What is needed. Write the lines below out exactly, dropping each picture.

Records provided.

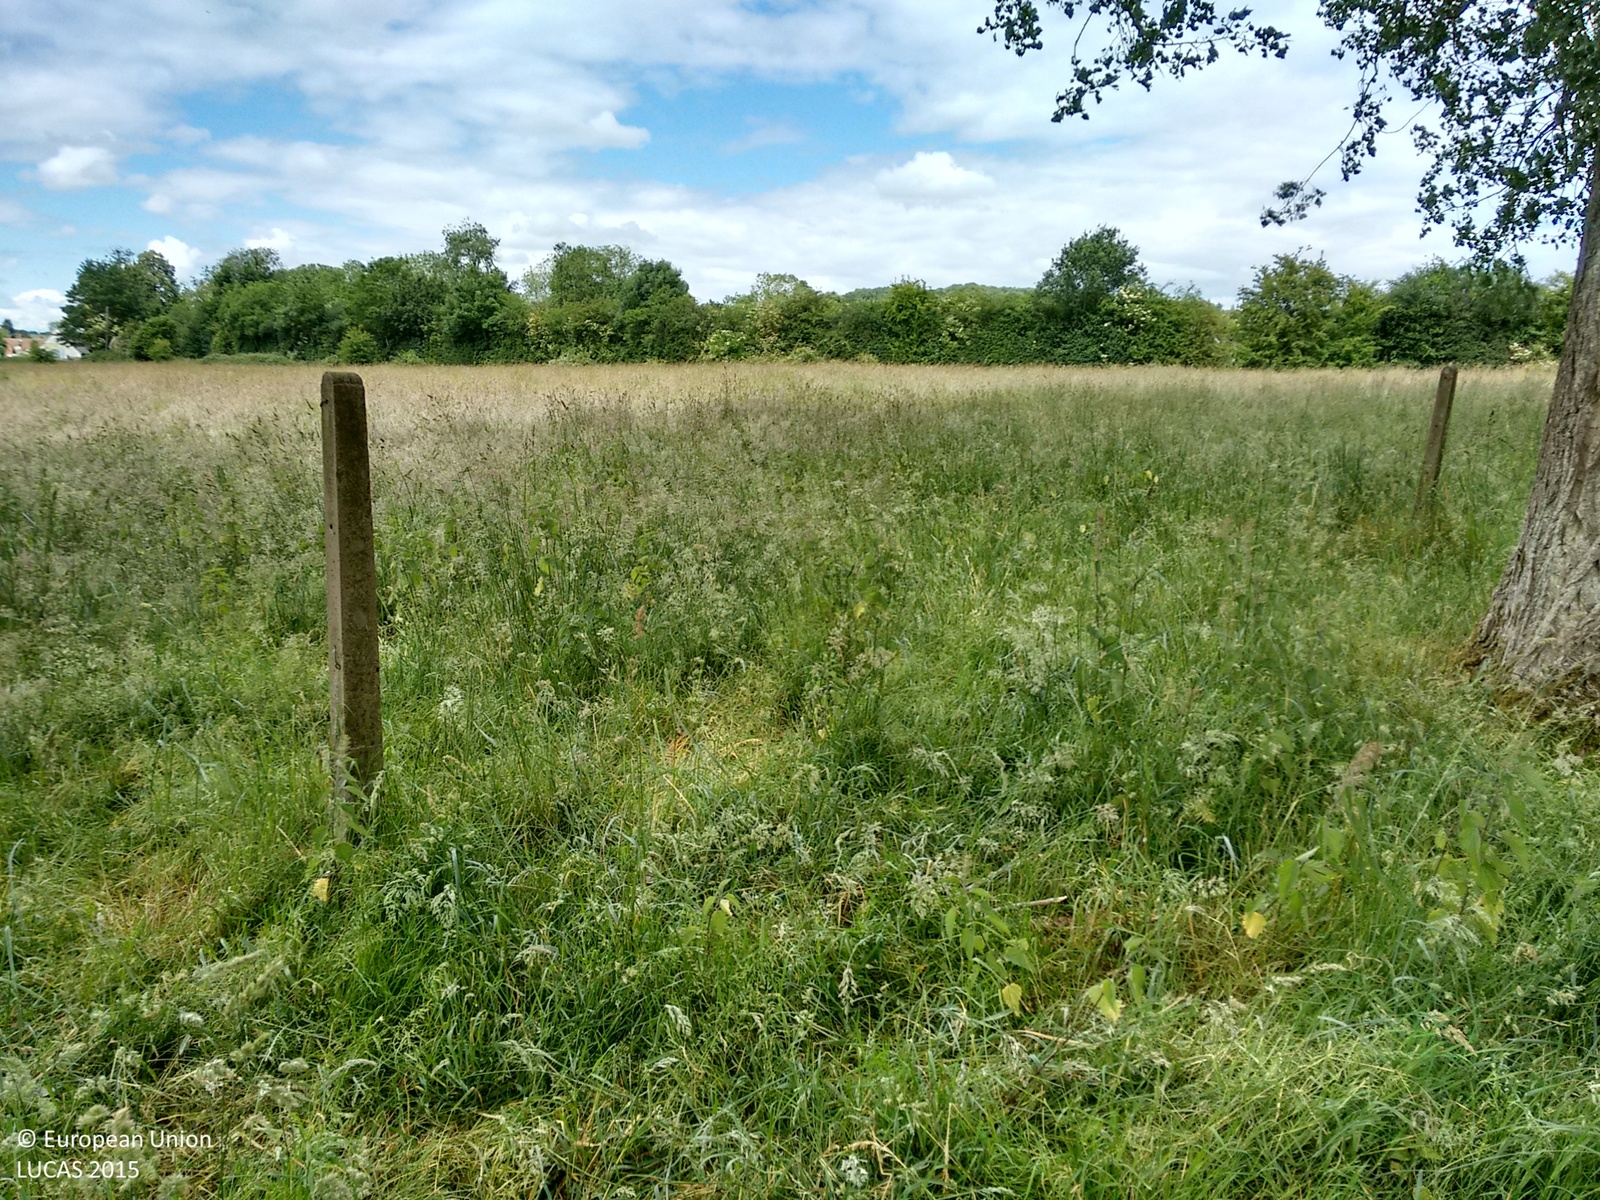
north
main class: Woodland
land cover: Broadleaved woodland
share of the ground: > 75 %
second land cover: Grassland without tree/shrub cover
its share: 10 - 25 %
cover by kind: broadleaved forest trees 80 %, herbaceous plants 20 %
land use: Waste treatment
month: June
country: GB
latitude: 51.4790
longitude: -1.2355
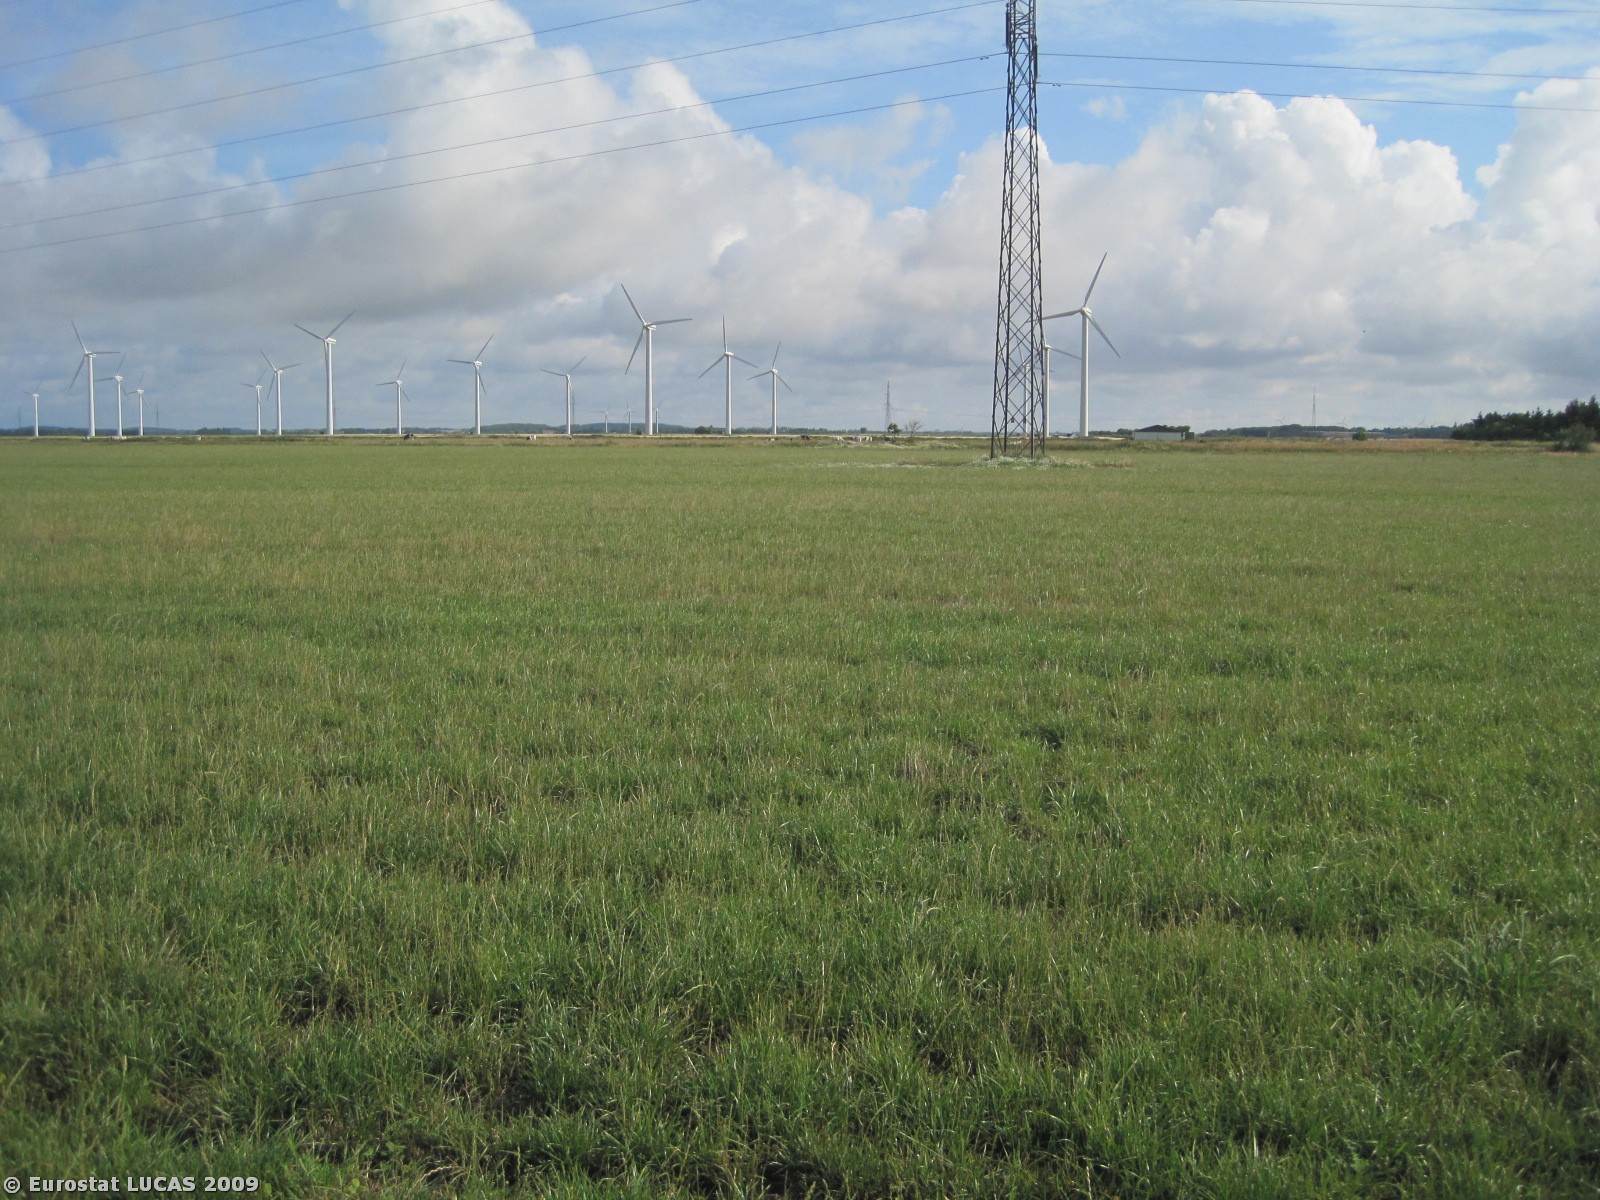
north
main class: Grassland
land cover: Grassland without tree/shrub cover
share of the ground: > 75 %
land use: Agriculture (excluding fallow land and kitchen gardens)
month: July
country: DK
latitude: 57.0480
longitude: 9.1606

Solution for this problem.
north
main class: Woodland
land cover: Broadleaved woodland
share of the ground: > 75 %
second land cover: Grassland without tree/shrub cover
its share: 10 - 25 %
cover by kind: broadleaved forest trees 80 %, herbaceous plants 20 %
land use: Waste treatment
month: June
country: GB
latitude: 51.4790
longitude: -1.2355
north
main class: Grassland
land cover: Grassland without tree/shrub cover
share of the ground: > 75 %
land use: Agriculture (excluding fallow land and kitchen gardens)
month: July
country: DK
latitude: 57.0480
longitude: 9.1606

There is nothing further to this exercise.